Thank you in advance.

I proved that the product is nilpotent by noting that if $0\neq x\in I$ and $y\in R$ with $x^n=0$, assuming that $xy$ is invertible we get $x^{n-1} = x^{n-1}xy(xy)^{-1} = 0$, which by induction would lead to $x=0$, which is a contradiction.

Answer 1

Let $x\in R$ be nilpotent and $r\in R$ be arbitrary. If $xr$ is not nilpotent, it is invertible, so $xr(xr)^{-1}=1$ and therefore $x$ is right invertible. This is impossible, because from $x^n=0$ and $xy=1$ we get $x^{n-1}=0$, leading to a contradiction.

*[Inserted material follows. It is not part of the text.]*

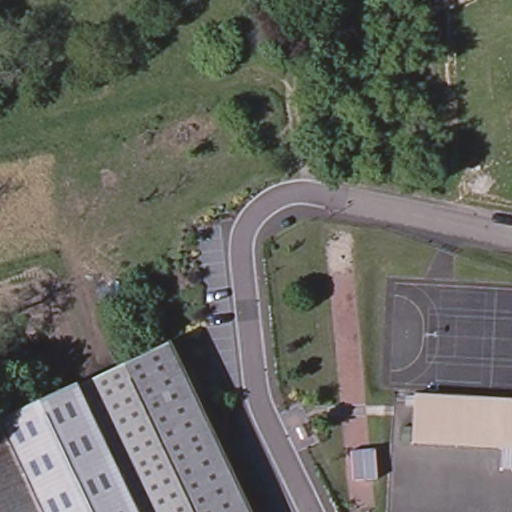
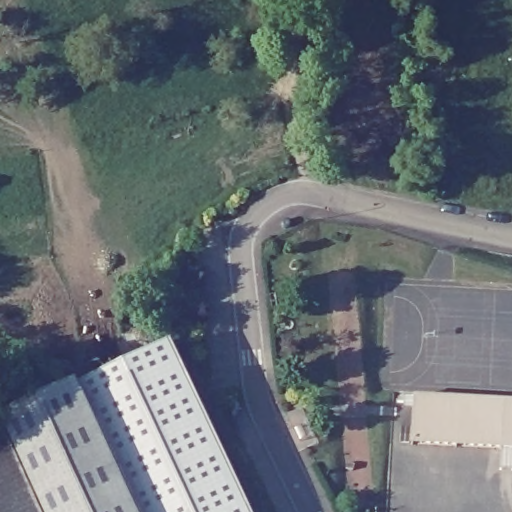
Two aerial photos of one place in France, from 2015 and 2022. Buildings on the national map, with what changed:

Similarly, $rx$ is nilpotent.

Suppose $x$ and $y$ are nilpotent, but $z=x+y$ is invertible. Then $$ (x+y)z^{-1}=1 $$ and so $$ xz^{-1}=1-yz^{-1} $$ By what we have proved before, we know that $yz^{-1}$ is nilpotent. However, when $a\in R$ is nilpotent, $1-a$ is invertible; indeed, assuming $a^{n+1}=0$, we have $$ (1-a)(1+a+\dots+a^{n})=1-a^{n+1}=1 $$ and similarly on the other side. Therefore $xz^{-1}$ is invertible. Contradiction.

Answer 2

Note: in case you only gave the question a quick glance instead of reading it, note that in this ring every element is either nilpotent or invertible and the OP proved that it follows that if $r$ is nilpotent and $x\in R$ then $xr$ is nilpotent. It follows by a similar argument that if $y$ is another element then $xry$ is nilpotent.

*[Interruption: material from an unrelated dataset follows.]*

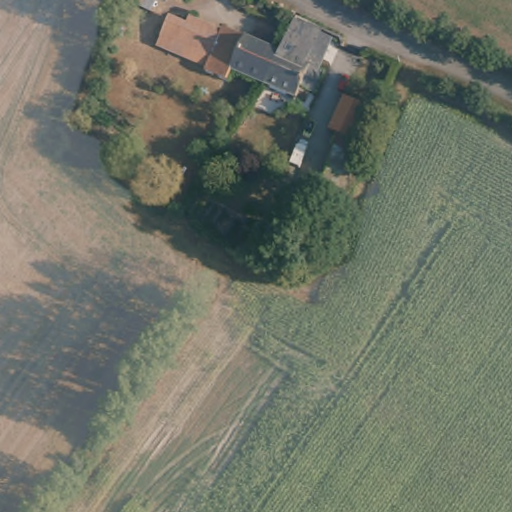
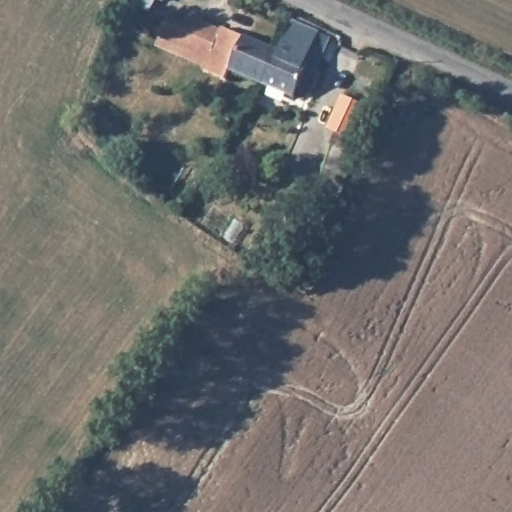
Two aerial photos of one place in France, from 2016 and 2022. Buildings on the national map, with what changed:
unchanged [(174,19),(191,27),(194,20),(221,33),(221,32),(276,59),(260,89),(220,69),(217,75),(204,69),(209,59),(174,44),(164,38),(174,19)]
unchanged [(328,51),(313,80),(319,82),(309,100),(294,92),(288,104),(260,89),(276,59),(292,30),(328,51)]
unchanged [(366,106),(346,147),(332,140),(338,127),(330,124),(344,95),(366,106)]

Consider the Jacobson radical of $R$, which is the ideal consisting of all elements $r$ such that for all $x,y\in R$ we have that $1+xry$ is invertible. You have already proven that if $r$ is nilpotent, then so is $xry$. Thus, at least in this ring, if $r$ is nilpotent then it is contained in the Jacobson radical because $1+a$ is invertible whenever $a$ is nilpotent. The Jacobson radical is a proper ideal and hence contains no invertible elements. Thus the Jacobson radical of $R$ consists exactly of the nilpotent elements since every element of $R$ is either nilpotent or invertible. Thus the set of nilpotent elements forms an ideal (namely the Jacobson radical).